Opinion | What North Korea’s Kim Jong-un is really up to
North Korea’s true aim is not to take military action against the South but rather to create tensions to its own advantage
Meanwhile, Russia, still at war with Ukraine, seeks to use the situation on the Korean peninsula to counter the United States and its allies and supporters in the region. China, which should play a key balancing role in its own backyard, has stayed largely silent.
Amid the current turmoil, North Korea’s true aim is not to take military action against the South but rather to create tensions to its own advantage. Its biggest strategic goal is to use all means possible to recreate the alliance between China, the Soviet Union and North Korea that had been in place for much of the time since the start of the Korean war, or at least to form two separate bilateral alliances with China and Russia. All of Pyongyang’s recent efforts are directed towards achieving this.

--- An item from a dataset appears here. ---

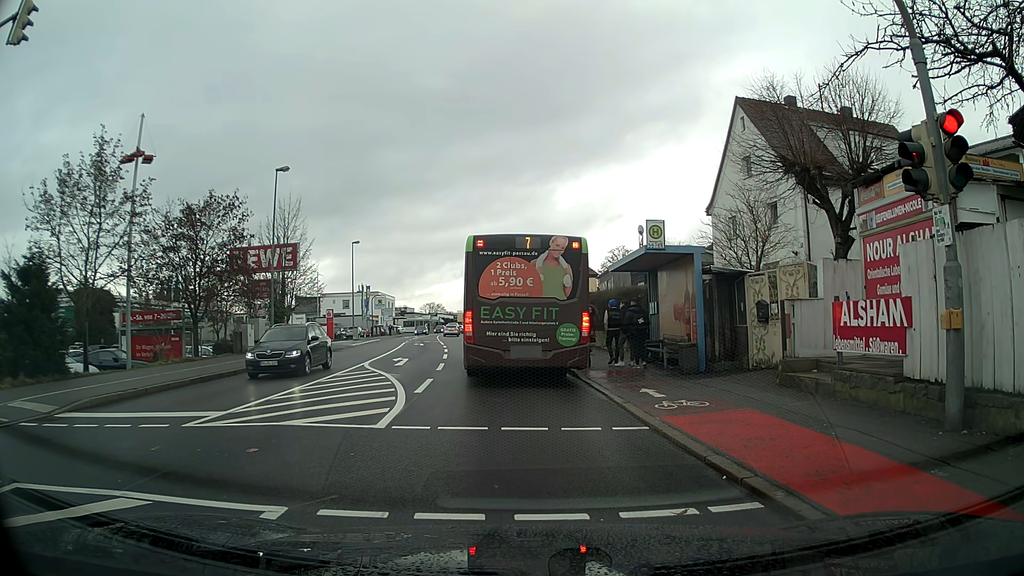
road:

Consider the actions of North Korean leader Kim Jong-un. According to a report by the Korean Central News Agency (KCNA), Kim held a meeting on national defence and security on October 14, and outlined “tasks to be tackled in the operation of the war deterrent and the exercise of the right to self-defence”.
This is rather subdued, given Kim’s statements in a Korean Worker’s Party meeting late last year and in parliament early this year, when he spoke of “occupying, subjugating and reclaiming” the South.